Provided records START

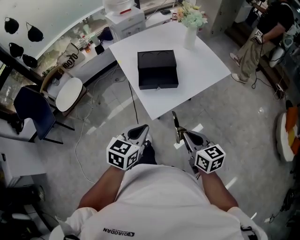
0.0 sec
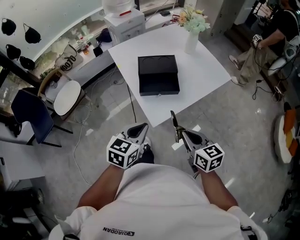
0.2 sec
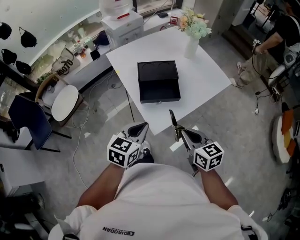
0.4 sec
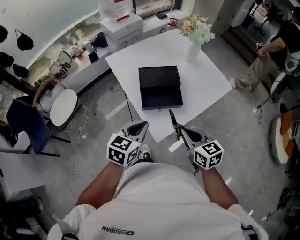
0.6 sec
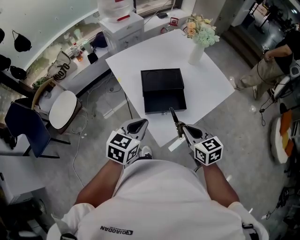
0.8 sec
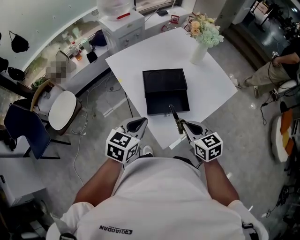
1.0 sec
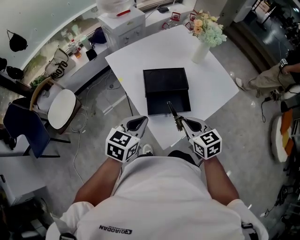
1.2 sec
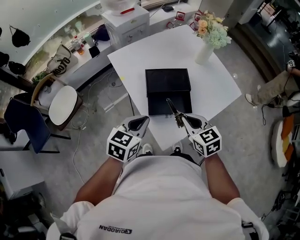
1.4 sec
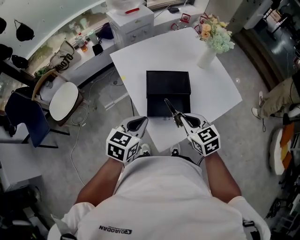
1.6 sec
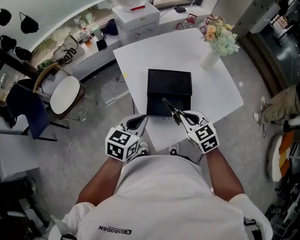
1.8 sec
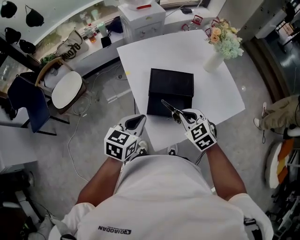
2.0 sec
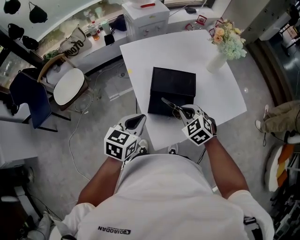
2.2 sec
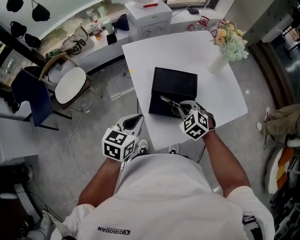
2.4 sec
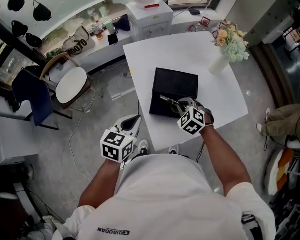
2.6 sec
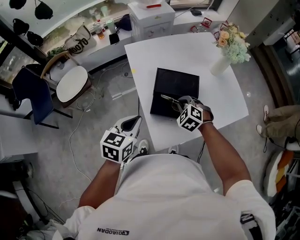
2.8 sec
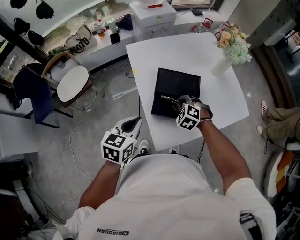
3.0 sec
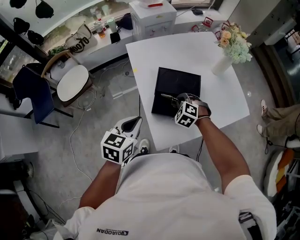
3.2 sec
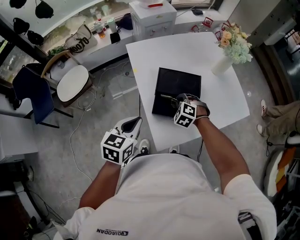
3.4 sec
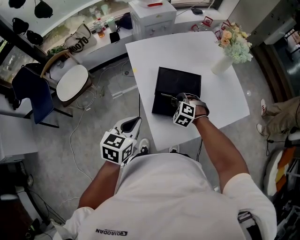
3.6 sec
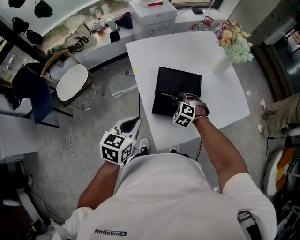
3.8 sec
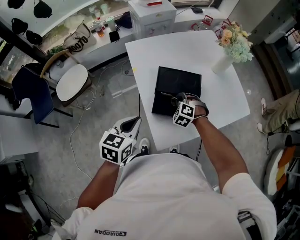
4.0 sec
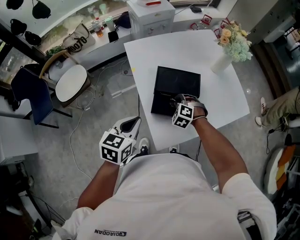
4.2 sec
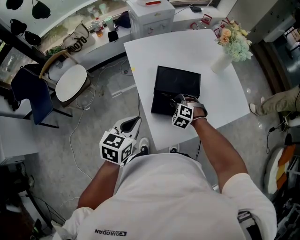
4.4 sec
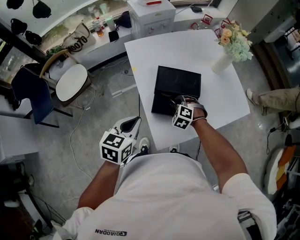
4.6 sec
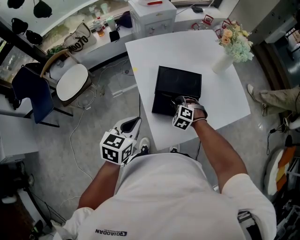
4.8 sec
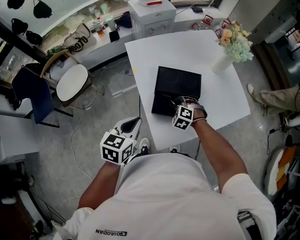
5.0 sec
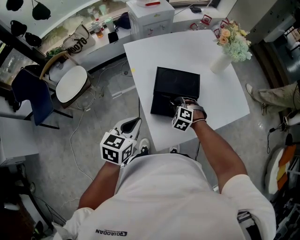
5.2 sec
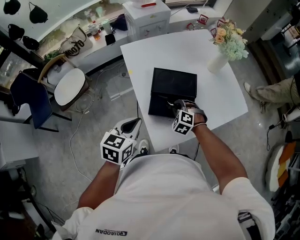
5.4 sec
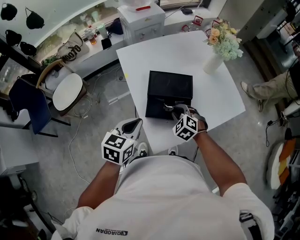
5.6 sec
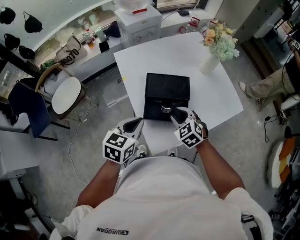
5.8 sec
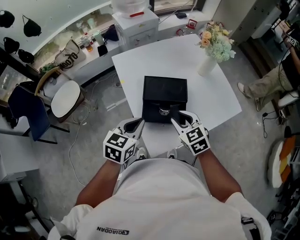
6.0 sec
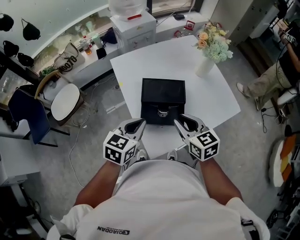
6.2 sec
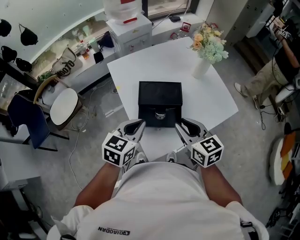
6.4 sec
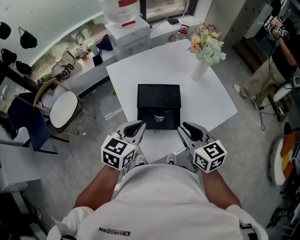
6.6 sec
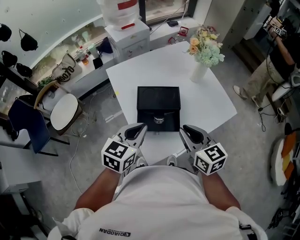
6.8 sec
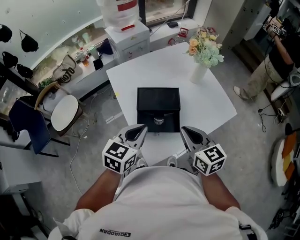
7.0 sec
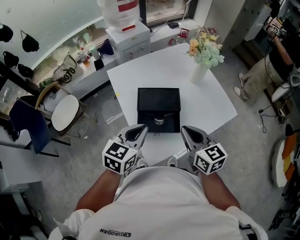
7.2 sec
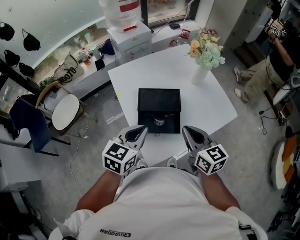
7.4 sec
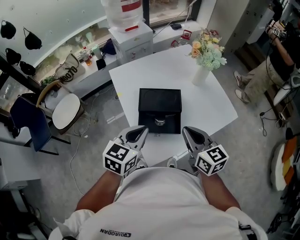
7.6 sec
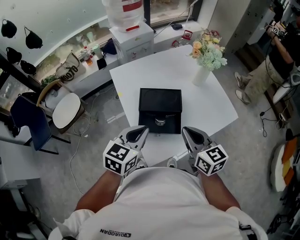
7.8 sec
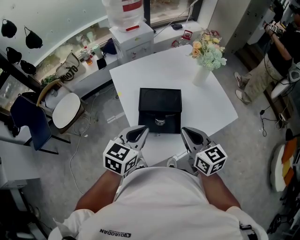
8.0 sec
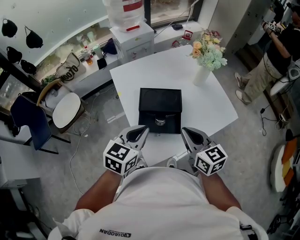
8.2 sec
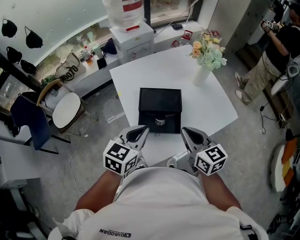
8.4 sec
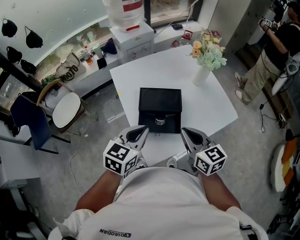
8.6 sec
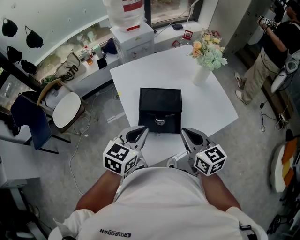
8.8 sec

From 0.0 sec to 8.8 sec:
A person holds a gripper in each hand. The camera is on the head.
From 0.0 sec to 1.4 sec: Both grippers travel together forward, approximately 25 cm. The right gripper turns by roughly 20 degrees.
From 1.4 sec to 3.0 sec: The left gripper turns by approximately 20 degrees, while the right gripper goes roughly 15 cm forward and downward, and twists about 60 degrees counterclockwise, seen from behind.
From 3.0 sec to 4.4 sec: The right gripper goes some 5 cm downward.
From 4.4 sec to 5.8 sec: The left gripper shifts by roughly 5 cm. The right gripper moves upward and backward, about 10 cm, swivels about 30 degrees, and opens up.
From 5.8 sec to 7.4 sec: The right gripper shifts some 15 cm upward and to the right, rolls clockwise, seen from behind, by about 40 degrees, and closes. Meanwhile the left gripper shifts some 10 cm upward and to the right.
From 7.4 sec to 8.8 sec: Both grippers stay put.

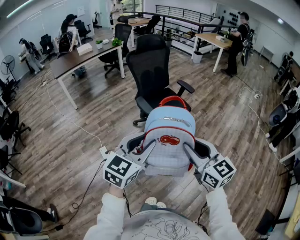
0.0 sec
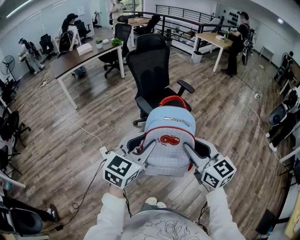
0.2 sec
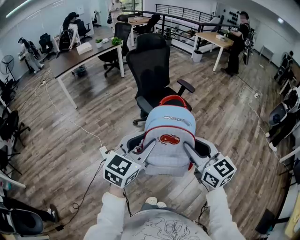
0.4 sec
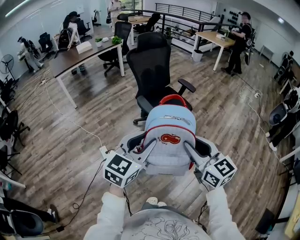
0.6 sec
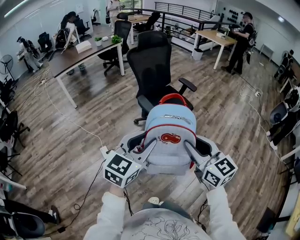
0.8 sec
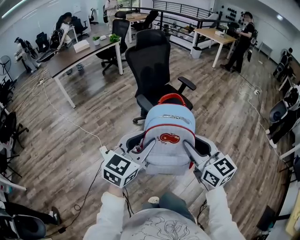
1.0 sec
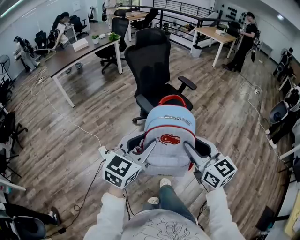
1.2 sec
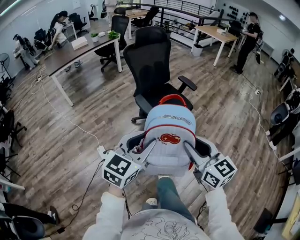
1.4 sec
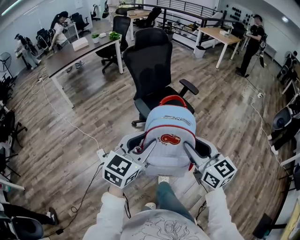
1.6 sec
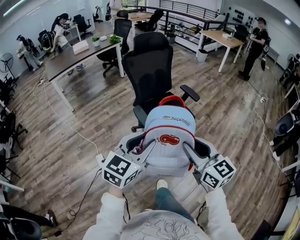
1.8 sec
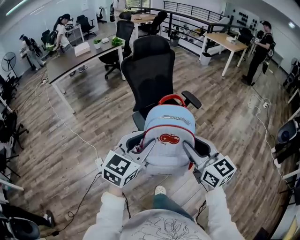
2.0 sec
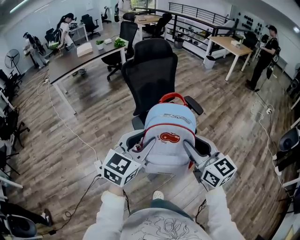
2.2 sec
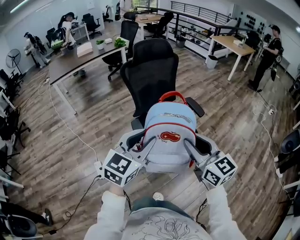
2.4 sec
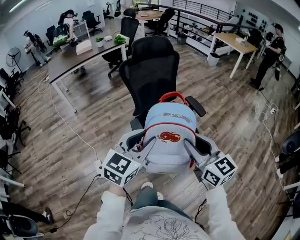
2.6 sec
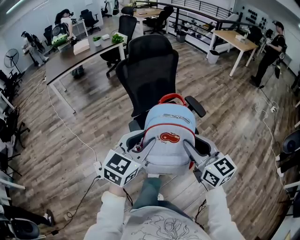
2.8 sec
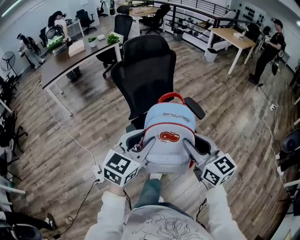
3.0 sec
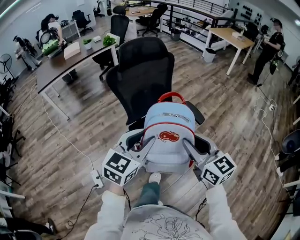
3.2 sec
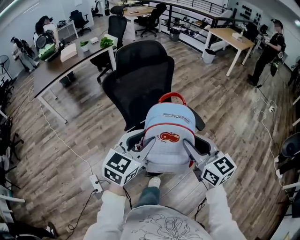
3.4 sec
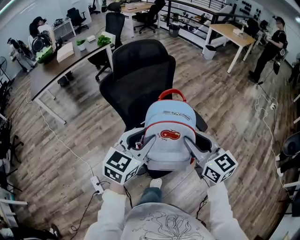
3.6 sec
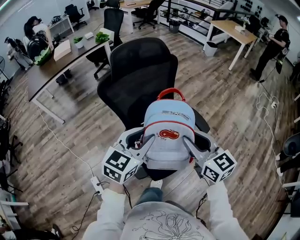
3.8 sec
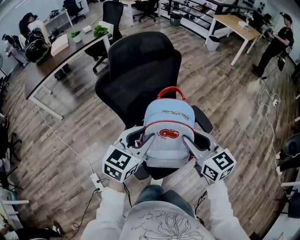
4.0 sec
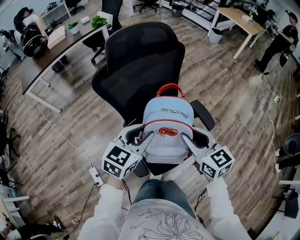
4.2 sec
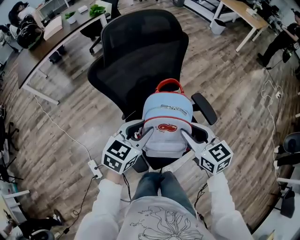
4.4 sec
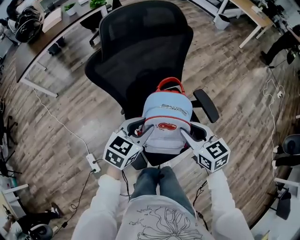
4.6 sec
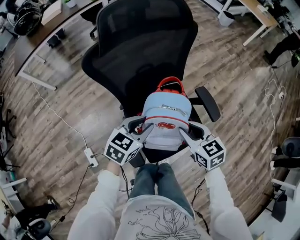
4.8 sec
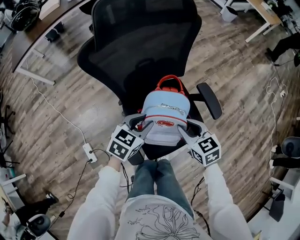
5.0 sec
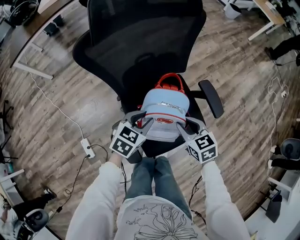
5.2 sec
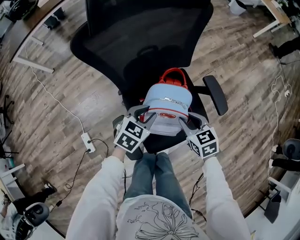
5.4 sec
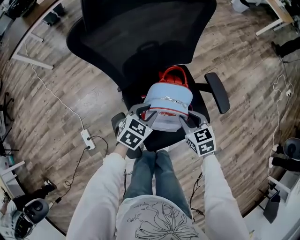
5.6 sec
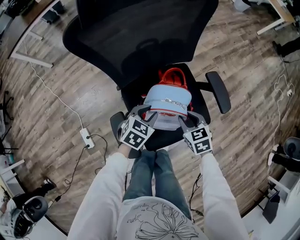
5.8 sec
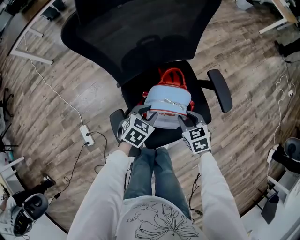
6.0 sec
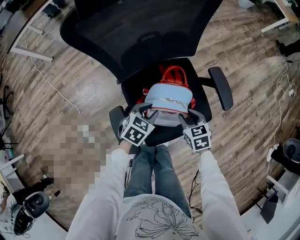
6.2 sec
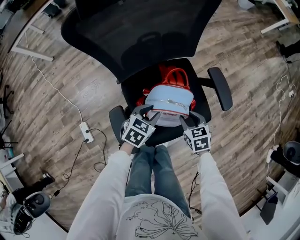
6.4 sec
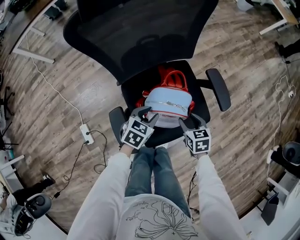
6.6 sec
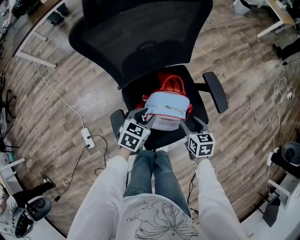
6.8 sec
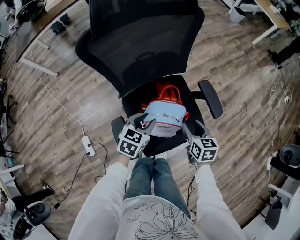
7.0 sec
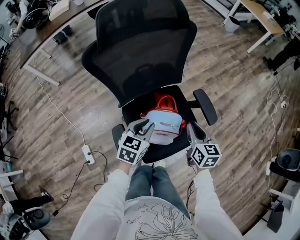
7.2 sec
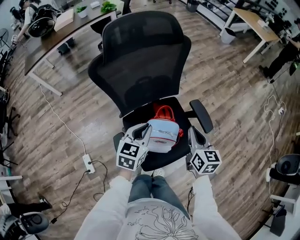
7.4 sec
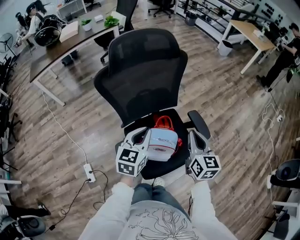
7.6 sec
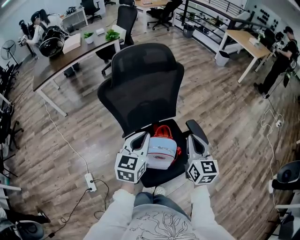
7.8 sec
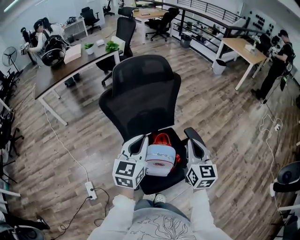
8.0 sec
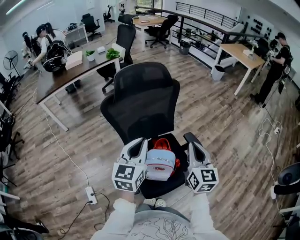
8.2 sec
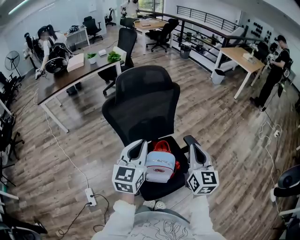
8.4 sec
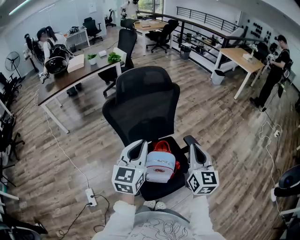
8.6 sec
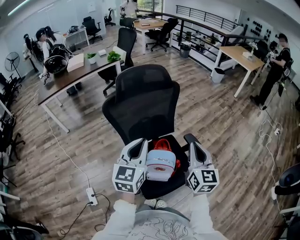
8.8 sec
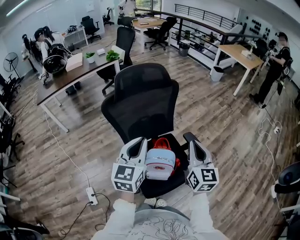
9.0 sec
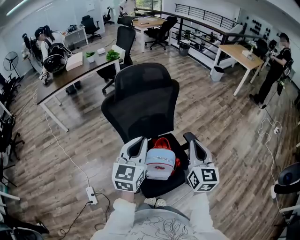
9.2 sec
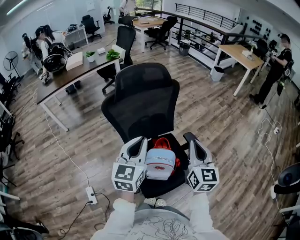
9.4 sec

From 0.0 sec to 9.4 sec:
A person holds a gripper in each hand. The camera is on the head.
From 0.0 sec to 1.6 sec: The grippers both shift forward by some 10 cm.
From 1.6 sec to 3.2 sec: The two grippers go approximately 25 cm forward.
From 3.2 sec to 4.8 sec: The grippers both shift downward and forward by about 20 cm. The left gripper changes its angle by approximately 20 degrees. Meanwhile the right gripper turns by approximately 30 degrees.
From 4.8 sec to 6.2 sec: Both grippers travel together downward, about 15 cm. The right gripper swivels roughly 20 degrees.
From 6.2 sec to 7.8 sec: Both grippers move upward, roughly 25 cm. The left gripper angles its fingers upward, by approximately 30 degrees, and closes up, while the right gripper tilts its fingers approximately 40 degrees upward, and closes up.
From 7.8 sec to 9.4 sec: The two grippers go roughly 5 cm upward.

Provided records END

Please transcribe every entry above exactly, leaving out any pictures.

0.0 sec
0.2 sec
0.4 sec
0.6 sec
0.8 sec
1.0 sec
1.2 sec
1.4 sec
1.6 sec
1.8 sec
2.0 sec
2.2 sec
2.4 sec
2.6 sec
2.8 sec
3.0 sec
3.2 sec
3.4 sec
3.6 sec
3.8 sec
4.0 sec
4.2 sec
4.4 sec
4.6 sec
4.8 sec
5.0 sec
5.2 sec
5.4 sec
5.6 sec
5.8 sec
6.0 sec
6.2 sec
6.4 sec
6.6 sec
6.8 sec
7.0 sec
7.2 sec
7.4 sec
7.6 sec
7.8 sec
8.0 sec
8.2 sec
8.4 sec
8.6 sec
8.8 sec

From 0.0 sec to 8.8 sec:
A person holds a gripper in each hand. The camera is on the head.
From 0.0 sec to 1.4 sec: Both grippers travel together forward, approximately 25 cm. The right gripper turns by roughly 20 degrees.
From 1.4 sec to 3.0 sec: The left gripper turns by approximately 20 degrees, while the right gripper goes roughly 15 cm forward and downward, and twists about 60 degrees counterclockwise, seen from behind.
From 3.0 sec to 4.4 sec: The right gripper goes some 5 cm downward.
From 4.4 sec to 5.8 sec: The left gripper shifts by roughly 5 cm. The right gripper moves upward and backward, about 10 cm, swivels about 30 degrees, and opens up.
From 5.8 sec to 7.4 sec: The right gripper shifts some 15 cm upward and to the right, rolls clockwise, seen from behind, by about 40 degrees, and closes. Meanwhile the left gripper shifts some 10 cm upward and to the right.
From 7.4 sec to 8.8 sec: Both grippers stay put.

0.0 sec
0.2 sec
0.4 sec
0.6 sec
0.8 sec
1.0 sec
1.2 sec
1.4 sec
1.6 sec
1.8 sec
2.0 sec
2.2 sec
2.4 sec
2.6 sec
2.8 sec
3.0 sec
3.2 sec
3.4 sec
3.6 sec
3.8 sec
4.0 sec
4.2 sec
4.4 sec
4.6 sec
4.8 sec
5.0 sec
5.2 sec
5.4 sec
5.6 sec
5.8 sec
6.0 sec
6.2 sec
6.4 sec
6.6 sec
6.8 sec
7.0 sec
7.2 sec
7.4 sec
7.6 sec
7.8 sec
8.0 sec
8.2 sec
8.4 sec
8.6 sec
8.8 sec
9.0 sec
9.2 sec
9.4 sec

From 0.0 sec to 9.4 sec:
A person holds a gripper in each hand. The camera is on the head.
From 0.0 sec to 1.6 sec: The grippers both shift forward by some 10 cm.
From 1.6 sec to 3.2 sec: The two grippers go approximately 25 cm forward.
From 3.2 sec to 4.8 sec: The grippers both shift downward and forward by about 20 cm. The left gripper changes its angle by approximately 20 degrees. Meanwhile the right gripper turns by approximately 30 degrees.
From 4.8 sec to 6.2 sec: Both grippers travel together downward, about 15 cm. The right gripper swivels roughly 20 degrees.
From 6.2 sec to 7.8 sec: Both grippers move upward, roughly 25 cm. The left gripper angles its fingers upward, by approximately 30 degrees, and closes up, while the right gripper tilts its fingers approximately 40 degrees upward, and closes up.
From 7.8 sec to 9.4 sec: The two grippers go roughly 5 cm upward.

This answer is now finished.